Seu antecessor, Jerome Powell, foi um importante alvo da ira de Trump por sua recusa em cortar as taxas tão rapidamente ou de forma tão acentuada quanto o presidente desejava, continuará a servir no Fed como diretor. Ele é o primeiro presidente do Fed a tomar tal atitude em quase 80 anos.
A posse de sexta-feira marca a segunda passagem de Warsh pelo Fed. Ele atuou anteriormente como diretor de 2006 a 2011, período no qual o banco central uniu forças com autoridades do Tesouro para resgatar a economia da crise financeira global.
Embora Warsh tenha ajudado no esforço do Fed, ele mais tarde tornou-se crítico do banco central por permitir que as políticas da era da crise permanecessem em vigor e por extrapolar seu mandato de preços estáveis e baixo desemprego. Por exemplo, ele citou esforços anteriores para abordar as mudanças climáticas e a desigualdade social como áreas de desvio de função, e prometeu reduzir a pegada do banco central nos mercados.
Warsh conquistou a vaga após uma ampla disputa que começou no verão de 2025 e incluiu até 11 candidatos, variando de atuais e ex-funcionários do Fed a economistas proeminentes e estrategistas de Wall Street.

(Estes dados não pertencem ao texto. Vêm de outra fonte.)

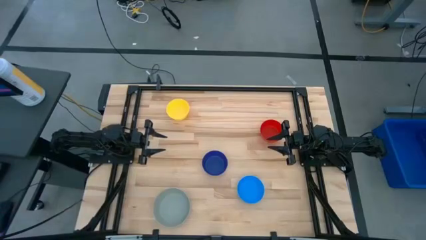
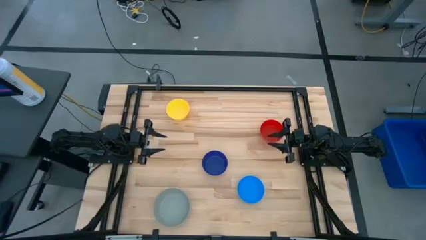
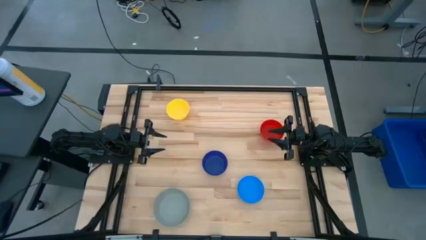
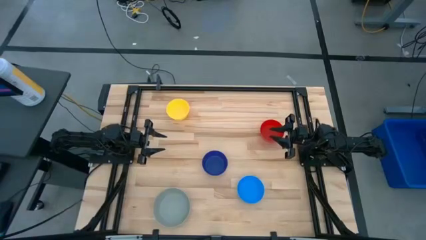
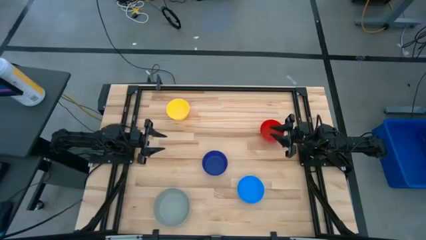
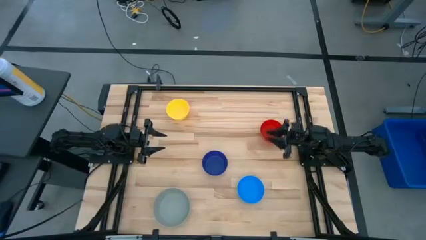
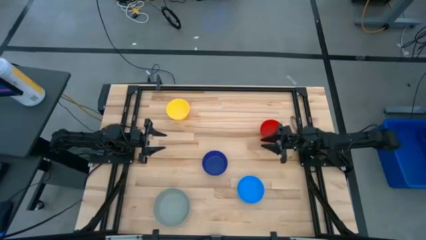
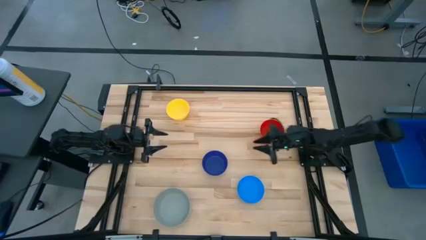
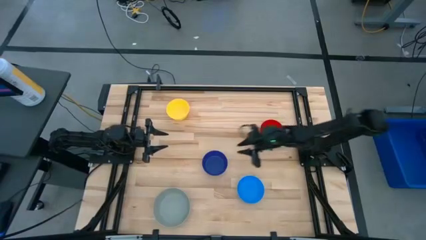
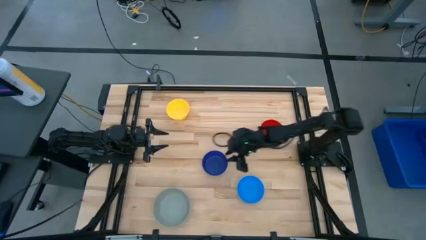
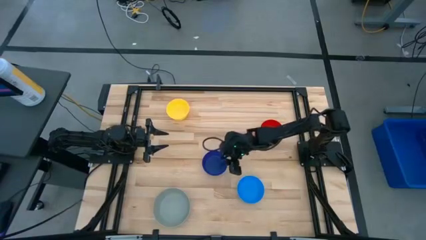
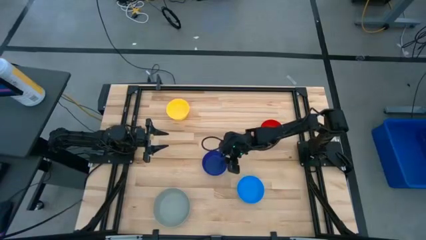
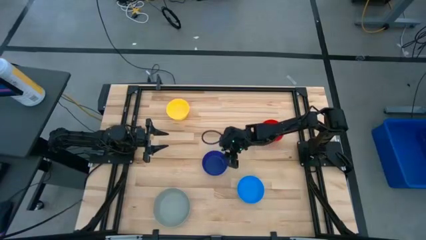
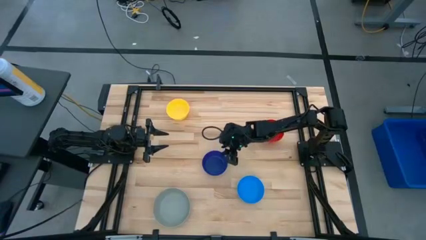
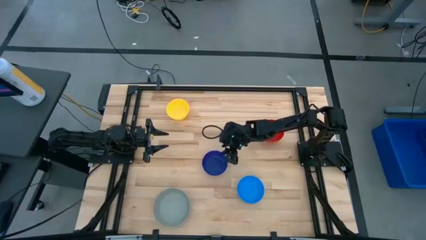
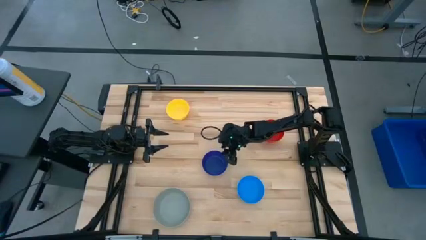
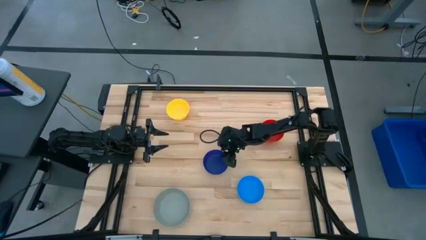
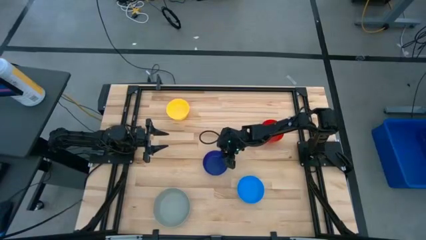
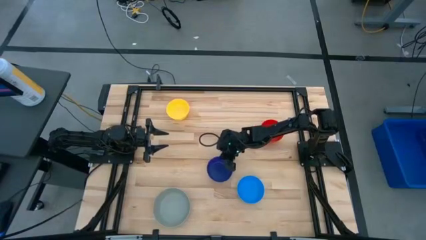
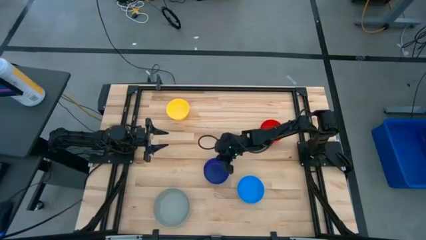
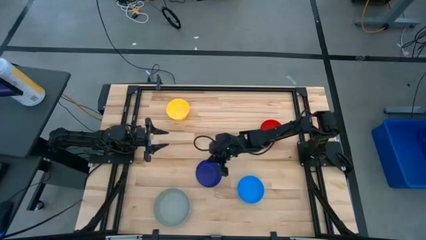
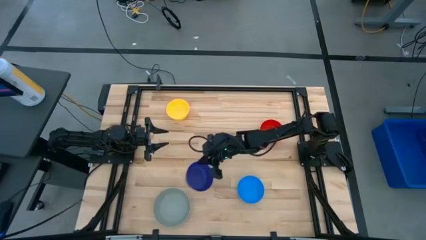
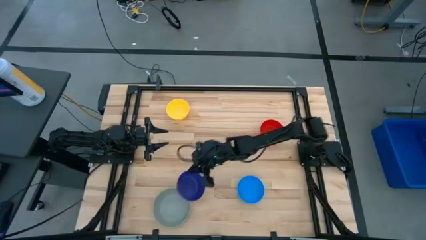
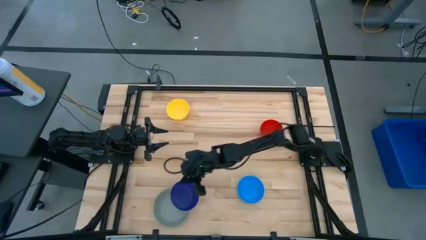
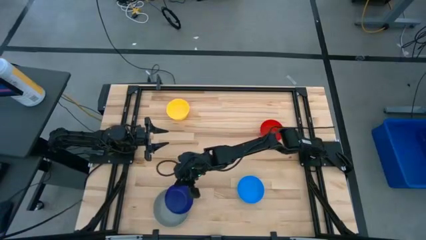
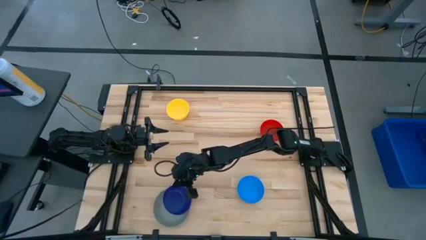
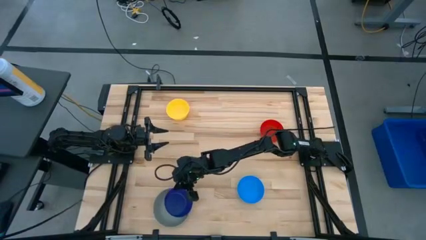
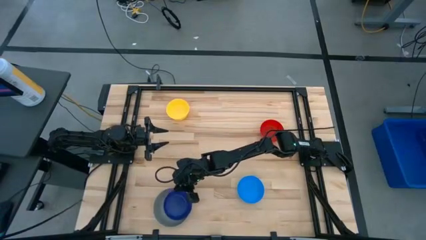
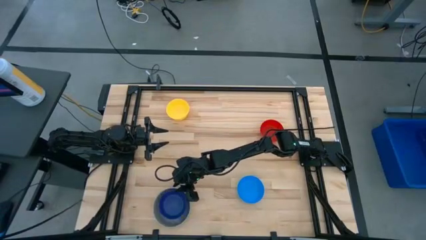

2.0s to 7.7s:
Stack the dark blue bowl on the white bowl

O mandato de Powell foi marcado por críticas repetidas e frequentemente pessoais de Trump. O presidente exigiu uma ação mais agressiva do Fed quando se tratava de cortar taxas e acusou Powell de ter a “síndrome de transtorno de Trump”, embora o Fed tenha reduzido sua taxa de juros de referência em três quartos de ponto percentual e a tenha aumentado em 4,25 pontos durante um período da presidência de Joe Biden.
Apesar das exigências de Trump por taxas mais baixas, os mercados apostam que o Fed manterá as taxas inalteradas durante a maior parte, se não a totalidade, de 2026, com a possibilidade de aumentá-las no início de 2027.

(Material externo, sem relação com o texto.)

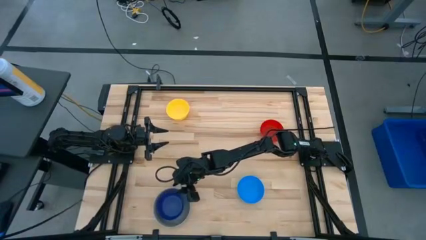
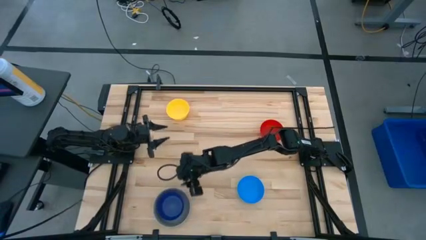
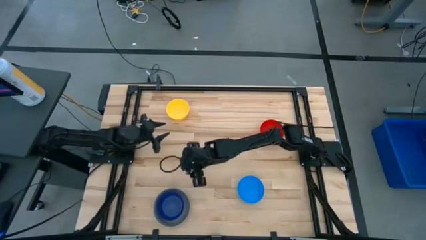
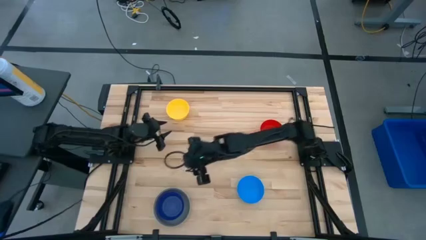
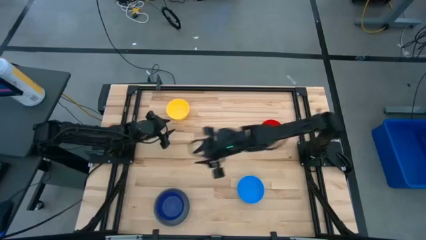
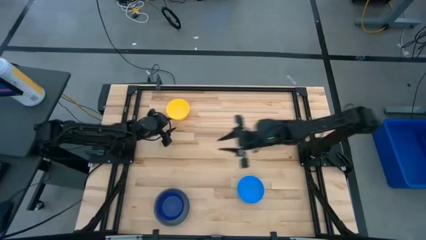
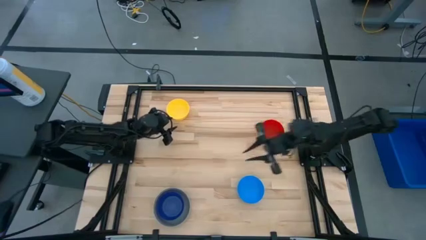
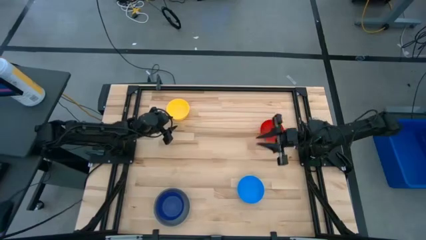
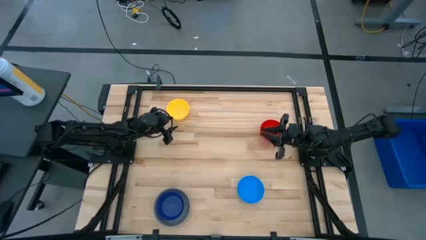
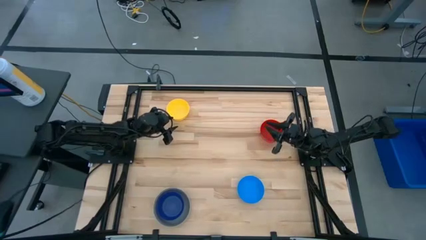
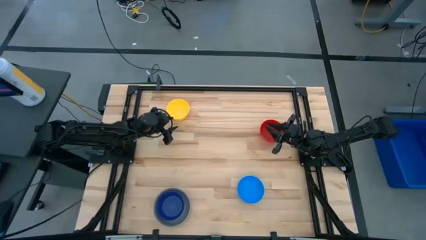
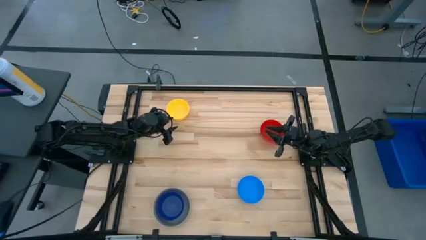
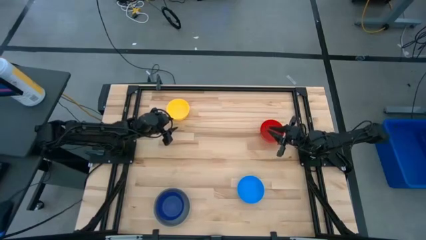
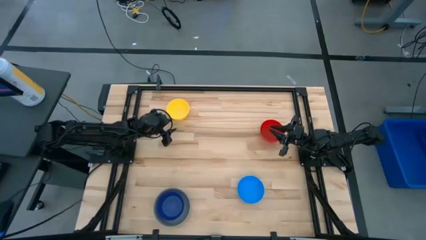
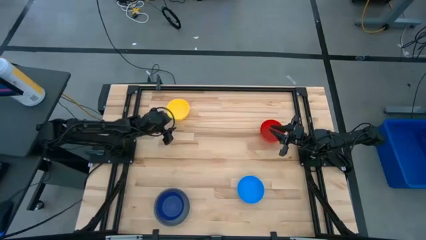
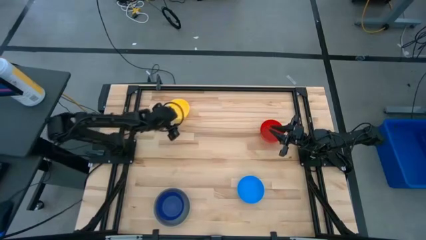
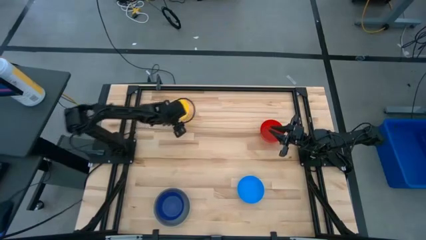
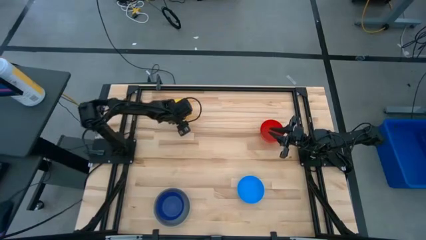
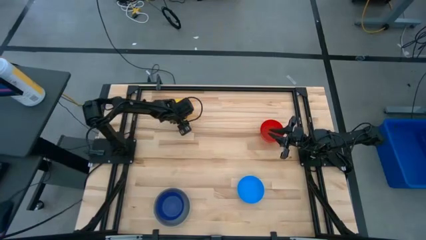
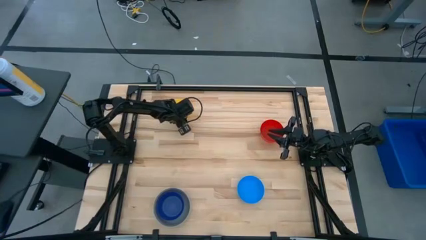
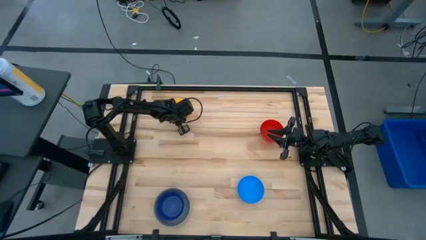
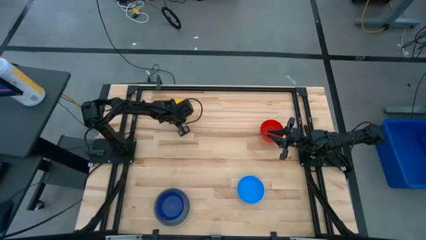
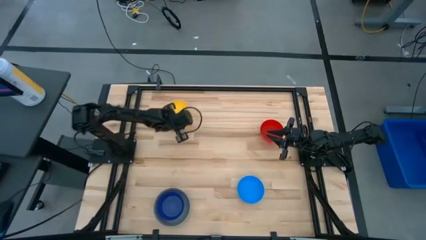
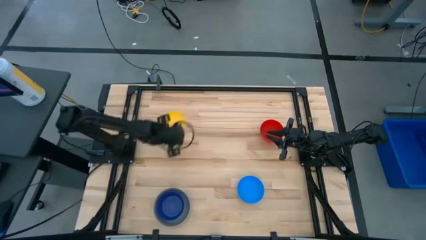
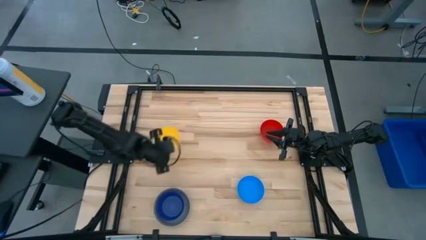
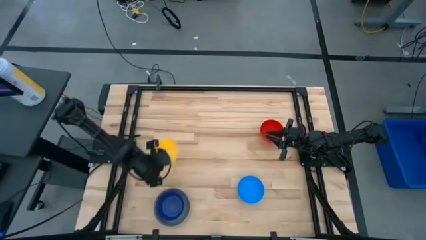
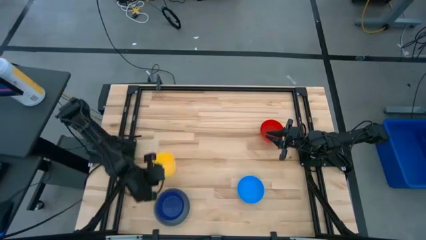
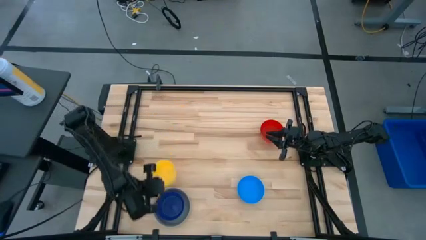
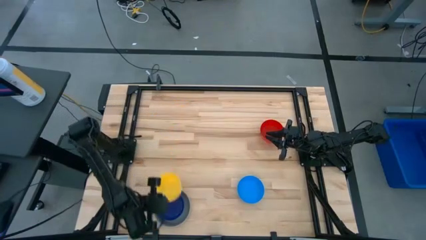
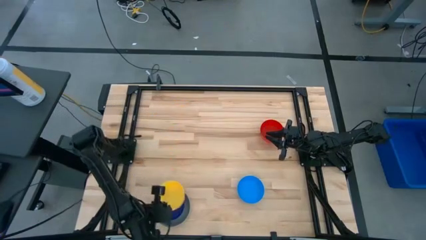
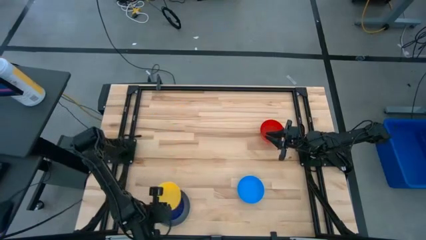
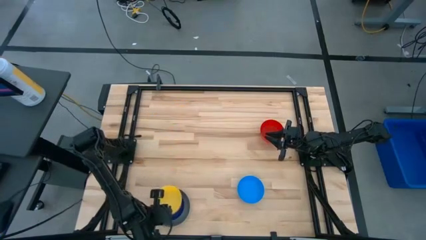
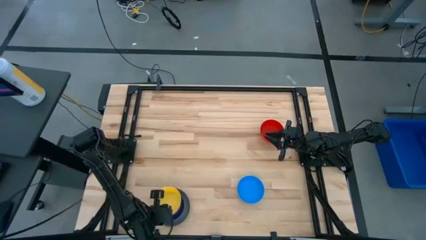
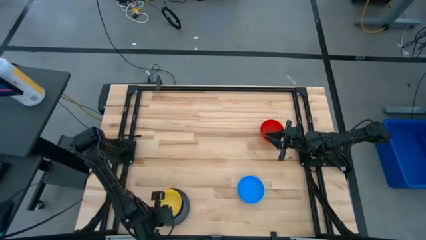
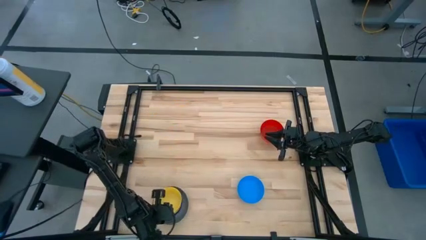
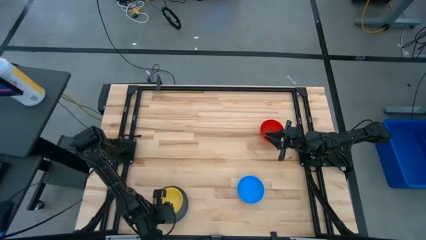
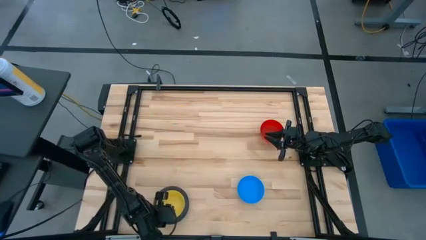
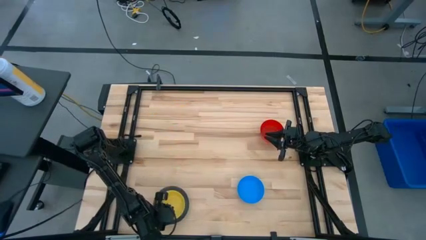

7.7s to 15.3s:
Stack the yellow bowl on the dark blue bowl

A gestão de Powell também foi caracterizada pela inflação rodando acima da meta de 2% do Fed por cinco anos consecutivos. Warsh prometeu que pode controlar a inflação e, ao mesmo tempo, reduzir as taxas de referência.
Desde que deixou o Fed, Warsh passou um tempo no Duquesne Family Office de Stanley Druckenmiller e como professor na Universidade de Stanford e na Hoover Institution. Warsh era considerado um forte candidato à presidência do Fed quando Trump deixou claro que não iria renomear Janet Yellen, mas o presidente acabou escolhendo Powell, supostamente por recomendação do ex-secretário do Tesouro, Steve Mnuchin.